▶ _Task brief_
Every entry below is to be copied exactly, apart from any picture it holds.

▶ _Material for this task_
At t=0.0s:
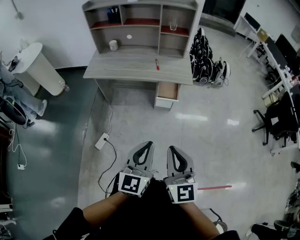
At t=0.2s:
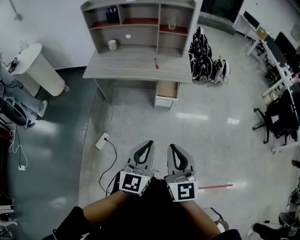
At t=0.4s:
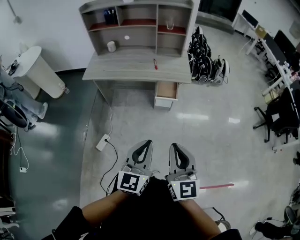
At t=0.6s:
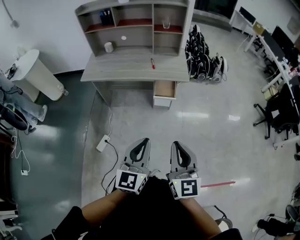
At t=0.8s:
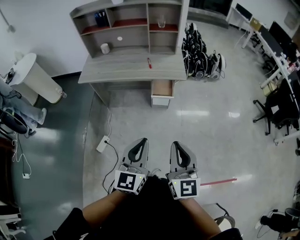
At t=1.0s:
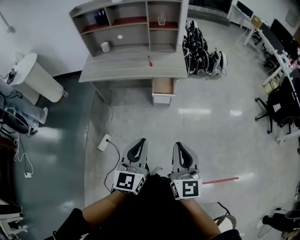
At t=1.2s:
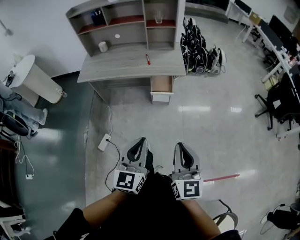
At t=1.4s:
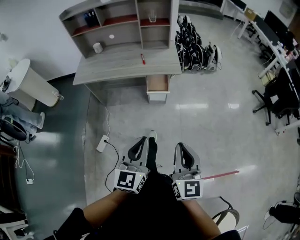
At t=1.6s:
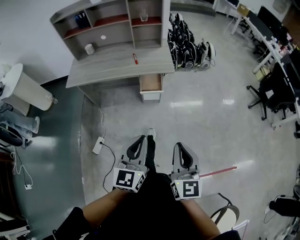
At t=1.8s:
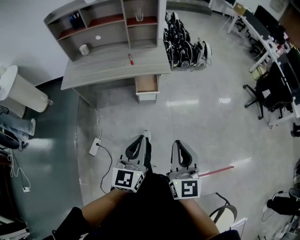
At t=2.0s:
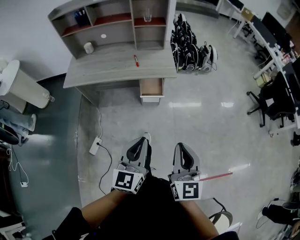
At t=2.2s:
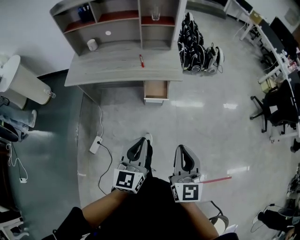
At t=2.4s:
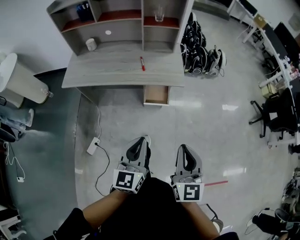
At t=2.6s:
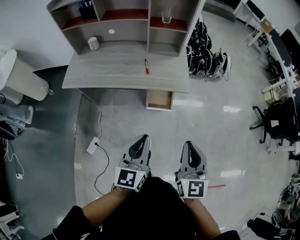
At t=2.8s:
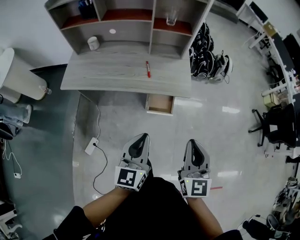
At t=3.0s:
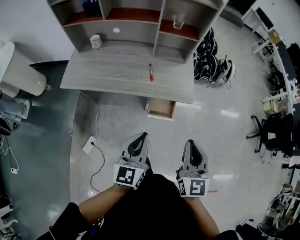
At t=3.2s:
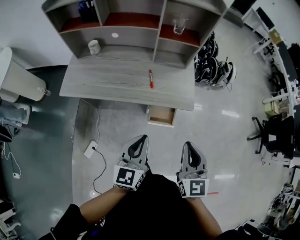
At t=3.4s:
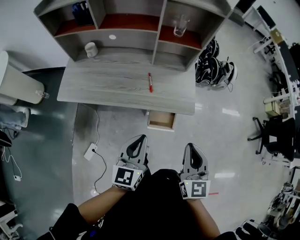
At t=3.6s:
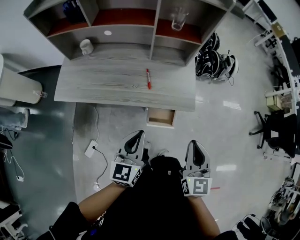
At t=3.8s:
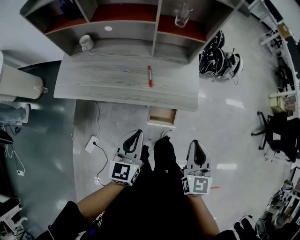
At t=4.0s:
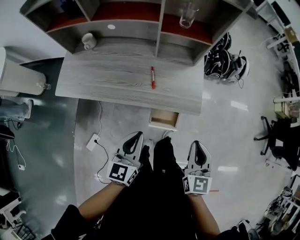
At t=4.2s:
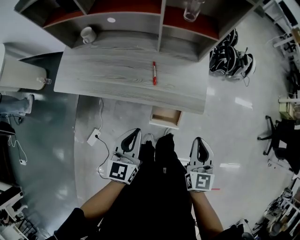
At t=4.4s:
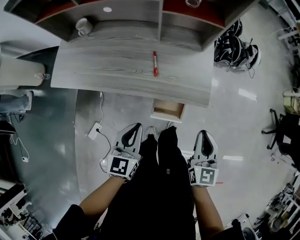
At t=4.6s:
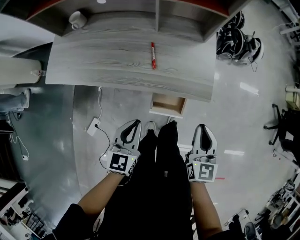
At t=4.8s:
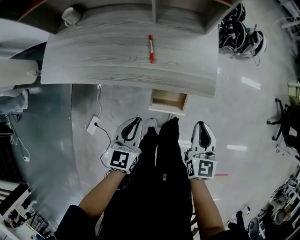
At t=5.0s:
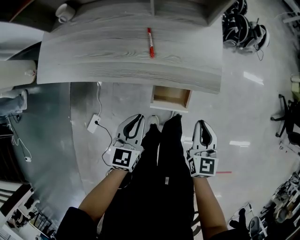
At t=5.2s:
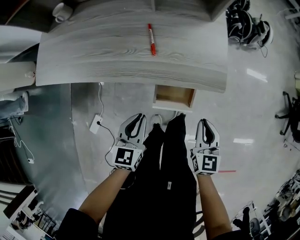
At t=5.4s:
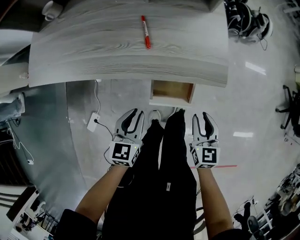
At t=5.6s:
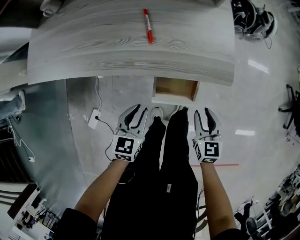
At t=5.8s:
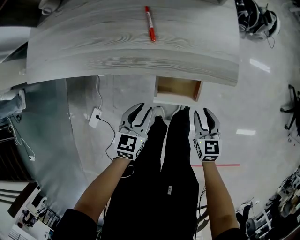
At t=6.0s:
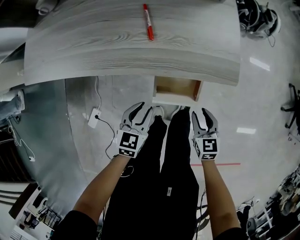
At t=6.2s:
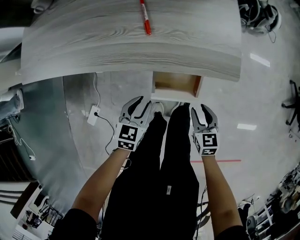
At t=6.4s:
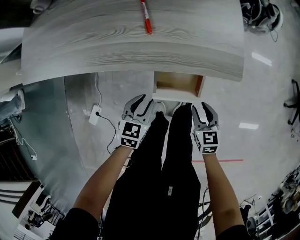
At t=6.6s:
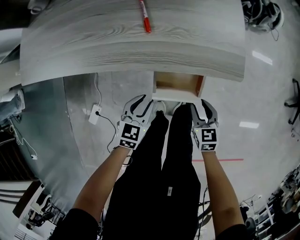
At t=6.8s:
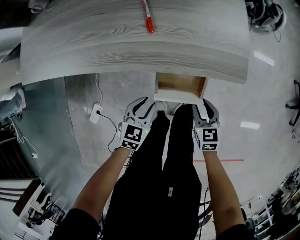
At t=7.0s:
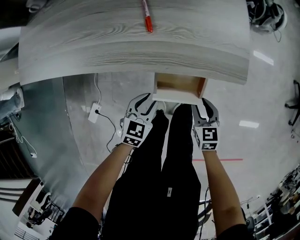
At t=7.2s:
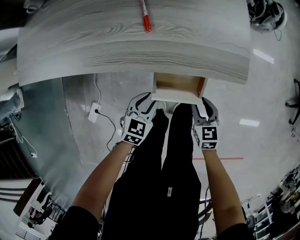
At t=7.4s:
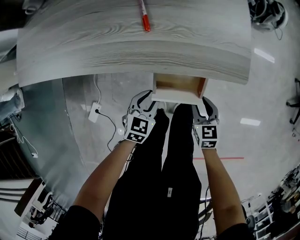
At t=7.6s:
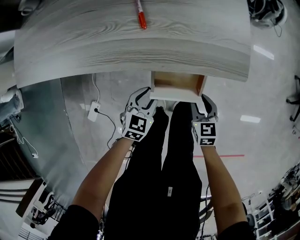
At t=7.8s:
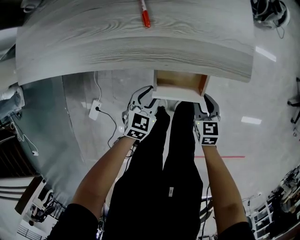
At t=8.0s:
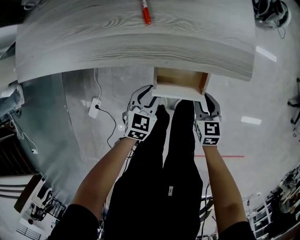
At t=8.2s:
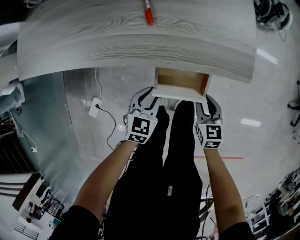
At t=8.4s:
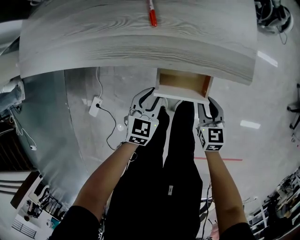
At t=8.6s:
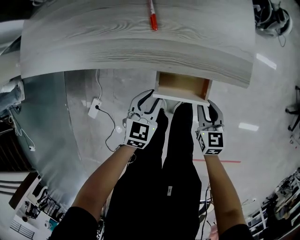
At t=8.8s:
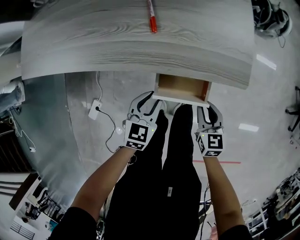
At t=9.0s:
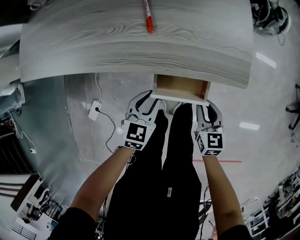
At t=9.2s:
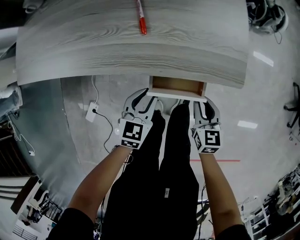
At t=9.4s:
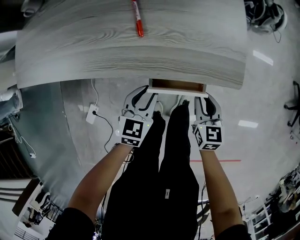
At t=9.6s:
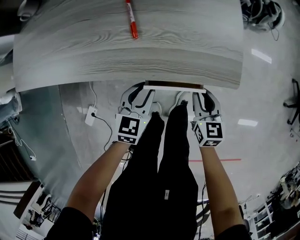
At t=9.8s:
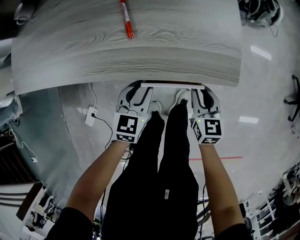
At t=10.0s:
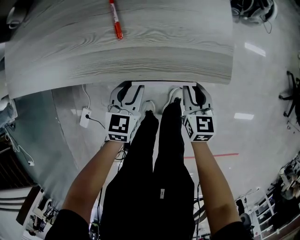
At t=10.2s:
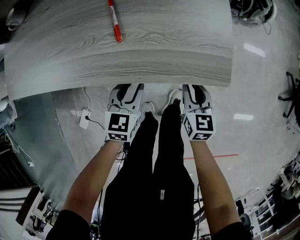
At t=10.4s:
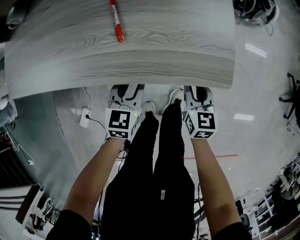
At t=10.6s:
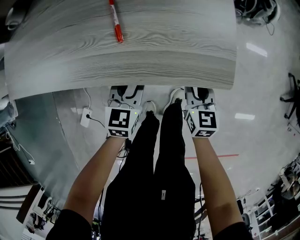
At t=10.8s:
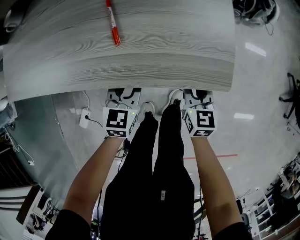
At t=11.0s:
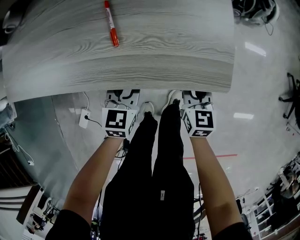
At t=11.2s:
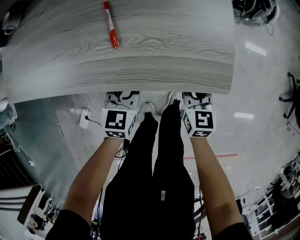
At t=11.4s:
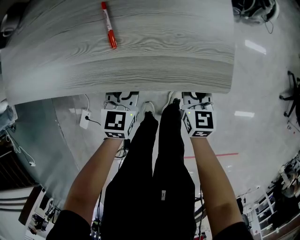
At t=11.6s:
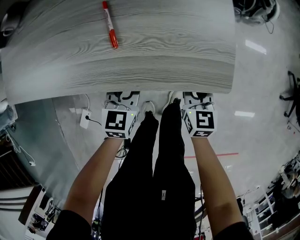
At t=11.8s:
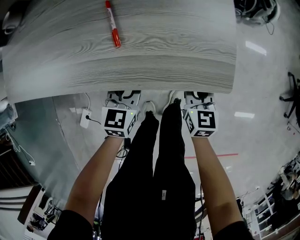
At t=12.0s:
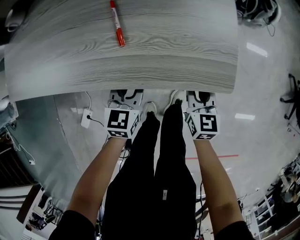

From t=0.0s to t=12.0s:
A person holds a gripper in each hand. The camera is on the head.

▶ _Your solution_
At t=0.0s:
At t=0.2s:
At t=0.4s:
At t=0.6s:
At t=0.8s:
At t=1.0s:
At t=1.2s:
At t=1.4s:
At t=1.6s:
At t=1.8s:
At t=2.0s:
At t=2.2s:
At t=2.4s:
At t=2.6s:
At t=2.8s:
At t=3.0s:
At t=3.2s:
At t=3.4s:
At t=3.6s:
At t=3.8s:
At t=4.0s:
At t=4.2s:
At t=4.4s:
At t=4.6s:
At t=4.8s:
At t=5.0s:
At t=5.2s:
At t=5.4s:
At t=5.6s:
At t=5.8s:
At t=6.0s:
At t=6.2s:
At t=6.4s:
At t=6.6s:
At t=6.8s:
At t=7.0s:
At t=7.2s:
At t=7.4s:
At t=7.6s:
At t=7.8s:
At t=8.0s:
At t=8.2s:
At t=8.4s:
At t=8.6s:
At t=8.8s:
At t=9.0s:
At t=9.2s:
At t=9.4s:
At t=9.6s:
At t=9.8s:
At t=10.0s:
At t=10.2s:
At t=10.4s:
At t=10.6s:
At t=10.8s:
At t=11.0s:
At t=11.2s:
At t=11.4s:
At t=11.6s:
At t=11.8s:
At t=12.0s:

From t=0.0s to t=12.0s:
A person holds a gripper in each hand. The camera is on the head.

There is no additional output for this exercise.